Mr Ginzburg remembers clearly the methodical nature with which Nazi soldiers carried out mass executions in the gas chambers of Auschwitz.
“Black smoke came out of the chimneys, they were burning the people. First they take their gold rings, their chains and put them in a heap and then they melt them down and they were sent to a German bank,” Mr Ginzburg said.
“And the hair, they were sent to Germany and they made real hair for dolls so the German kids could play with them.”
Mr Ginzburg was captured in Berlin in April 1942 after working for the resistance movement and spent several months in a jail before being moved to Auschwitz.
“I was in the main camp. Not many people came out alive there. And not many Jews were in the main camps, mostly in the other camps – Birkenau,” he said.
“I was lucky that I was a motor mechanic and they took me to the factory which was much better, it was undercover. Because outside, you wouldn’t last more than a week.”
The escape
Just two weeks before the Soviets liberated the camp in January 1945, the Nazi Party ordered 58,000 Auschwitz prisoners – including Mr Ginzburg – to walk for two days through the snow to waiting freight trains that would take them to other camps.
Recognising that the Nazis were struggling in the chaos as they tried to move the prisoners across Poland, Mr Ginzburg saw an opportunity to trick the guards and escape.
First he collected discarded cigarette butts and smeared them over his body to hide his scent from the dogs that the Nazis were sure to send after him if they noticed him disappear.
Next he grabbed a stick and propped it upright under his blanket to make it look like a concealed rifle.
“I made a few steps to the left and I was in the same line as the guards,” Mr Ginzburg recalls.
He approached a lone guard, pretending to be a German armed official rather than a prisoner, and asked him for a cigarette.
When the guard turned to go and get a cigarette from someone else, Mr Ginzburg took the opportunity to slip away and roll down a nearby embankment.

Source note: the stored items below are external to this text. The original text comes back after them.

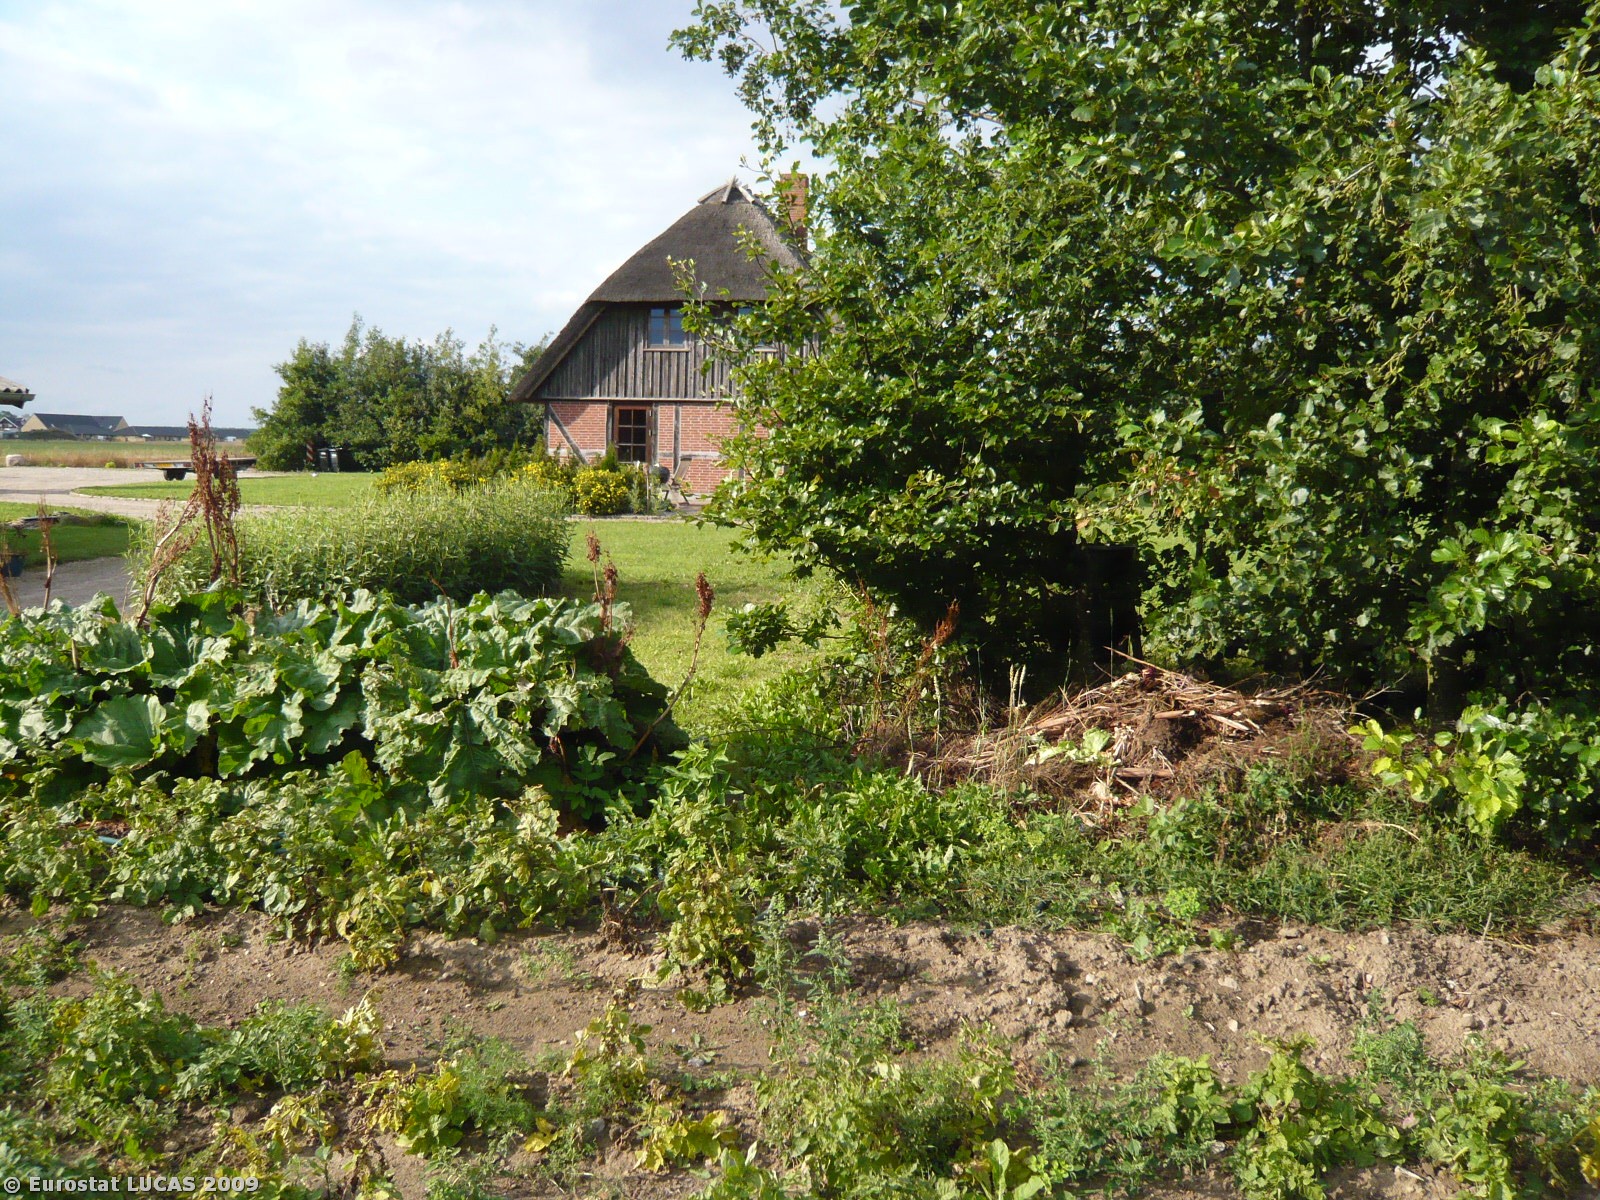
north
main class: Cropland
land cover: Barley
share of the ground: < 10 %
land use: Agriculture (excluding fallow land and kitchen gardens)
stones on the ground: 10 - 25 %
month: May
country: DK
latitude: 55.2974
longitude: 11.5580

“I went down the snow and the dogs came looking for me and they couldn’t find me because of the cigarettes. I was left by myself in the forest.”
Alone, he found a dead Russian soldier, put on the Soviet uniform and took a knife and began to look for food. After two days in the forest living on eggs that he stole from a Polish peasant, Mr Ginzburg finally heard the sound of approaching tanks.
“All of a sudden I hear the trees falling and I saw tanks. Big tanks, huge tanks. With a star – I thought they were Russians,”
The Soviet army took Mr Ginzburg in, bathed him, gave him food and interviewed him before letting him go.
“I was sitting there and when they called me out I came in front of a panel of offices and there was a captain from Philadelphia and he was huge and I showed them my [tattooed Auschwitz identification] number, they interviewed me, they checked on me. And that was it, I was in.”
Recovering from the drama
While his father had been killed in the early stages of the Nazi Party’s regime, Mr Ginzburg returned to Berlin to find his mother who had been hiding with non-Jewish friends.
Speaking four languages, he joined the American army in Berlin and worked as an interpreter for several years before moving to Israel to work in the police force during the Israeli War in the 1970s.
In the late part of that decade, Mr Ginzburg migrated to Australia after looking at a map and saw a “big piece of land” next to New Zealand that looked as though “nobody was there”.
70 years on, remembering Auschwitz
Seven decades later, Mr Ginzburg still struggles to believe that the Holocaust, one of the most regrettable periods in human history, could happen in a society like Germany.
“It was an unbelievable story from a country like Germany whose culture – Beethoven and music – could create such a situation,” he said.
“If they can create it, anybody can. Not only against Jews, against anybody.”
“How people can change – you would never think that from a civilised country like Germany that such cruelty … even today, what you see in Syria, it is unbelievable,” Mr Ginzburg said.
His words echo the President of the European Parliament Martin Schulz who called Auschwitz “a reminder to humanity … a cry of desperation” and warned that “we all share a collective responsibility to ensure that this never happens again”.